*Instructions to follow*.
Set down each entry below exactly as written, keeping the pictures out.
::: Working data
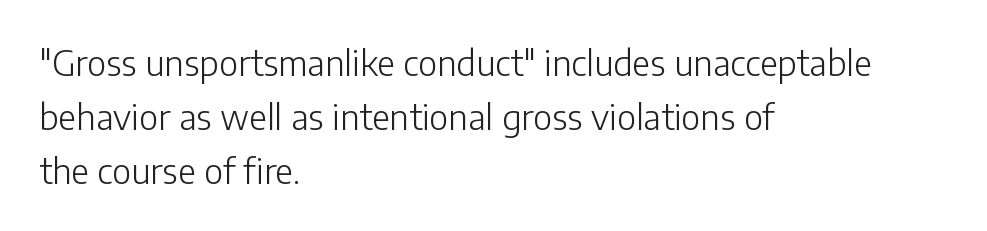
The passage shown is not bold in any degree. The typeface chosen for these lines omits serifs. The rendering keeps characters at their native spacing. A classic flush-left, rag-right setting is used for this passage.
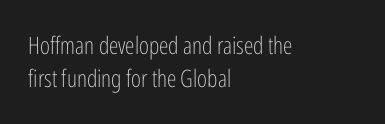
{"italic": "no", "bold": "no", "underline": "no", "align": "left", "line_spacing": "normal", "line_spacing_ratio": 1.38, "letter_spacing": "normal", "letter_spacing_em": 0.0, "glyph_px": 24}
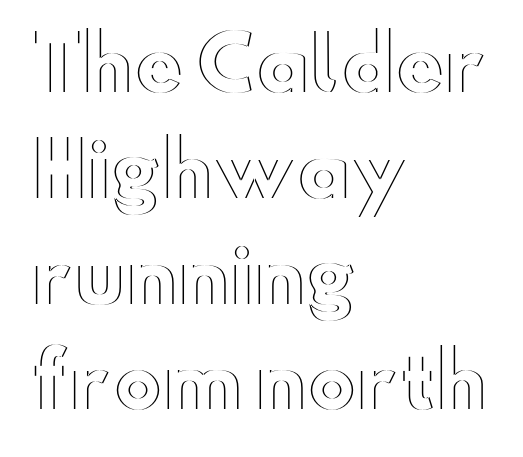
Q: Is the text italic (slanted)? A: No, it is upright.
Q: Is the text underlined? A: No.
Q: How is the paragraph aligned? A: Left-aligned.
Q: Is the spacing between letters normal or unusually wide? A: Normal.
Q: Is the spacing between lines tight, normal or loose? A: Normal.
Q: Width (condensed, normal, or wide)? A: Wide.
Q: x-height? A: Small.
Q: Monospaced? A: No.
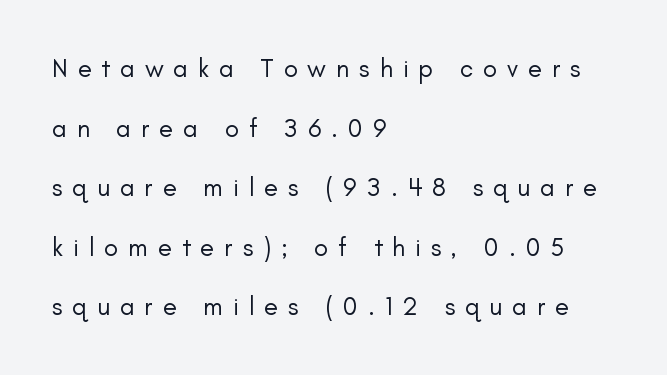
Q: Is the text bold? A: No.
Q: Is the text italic (slanted)? A: No, it is upright.
Q: Is the text underlined? A: No.
Q: How is the paragraph aligned? A: Left-aligned.
Q: Is the spacing between letters normal or unusually wide? A: Unusually wide.
Q: Is the spacing between lines tight, normal or loose? A: Loose.
::::::
*Answer to this exercise*.
The passage shown is not bold in any degree. The typeface chosen for these lines omits serifs. The rendering keeps characters at their native spacing. A classic flush-left, rag-right setting is used for this passage.
{"italic": "no", "bold": "no", "underline": "no", "align": "left", "line_spacing": "normal", "line_spacing_ratio": 1.38, "letter_spacing": "normal", "letter_spacing_em": 0.0, "glyph_px": 24}
Q: Is the text italic (slanted)? A: No, it is upright.
Q: Is the text underlined? A: No.
Q: How is the paragraph aligned? A: Left-aligned.
Q: Is the spacing between letters normal or unusually wide? A: Normal.
Q: Is the spacing between lines tight, normal or loose? A: Normal.
Q: Width (condensed, normal, or wide)? A: Wide.
Q: x-height? A: Small.
Q: Monospaced? A: No.
Q: Is the text bold? A: No.
Q: Is the text italic (slanted)? A: No, it is upright.
Q: Is the text underlined? A: No.
Q: How is the paragraph aligned? A: Left-aligned.
Q: Is the spacing between letters normal or unusually wide? A: Unusually wide.
Q: Is the spacing between lines tight, normal or loose? A: Loose.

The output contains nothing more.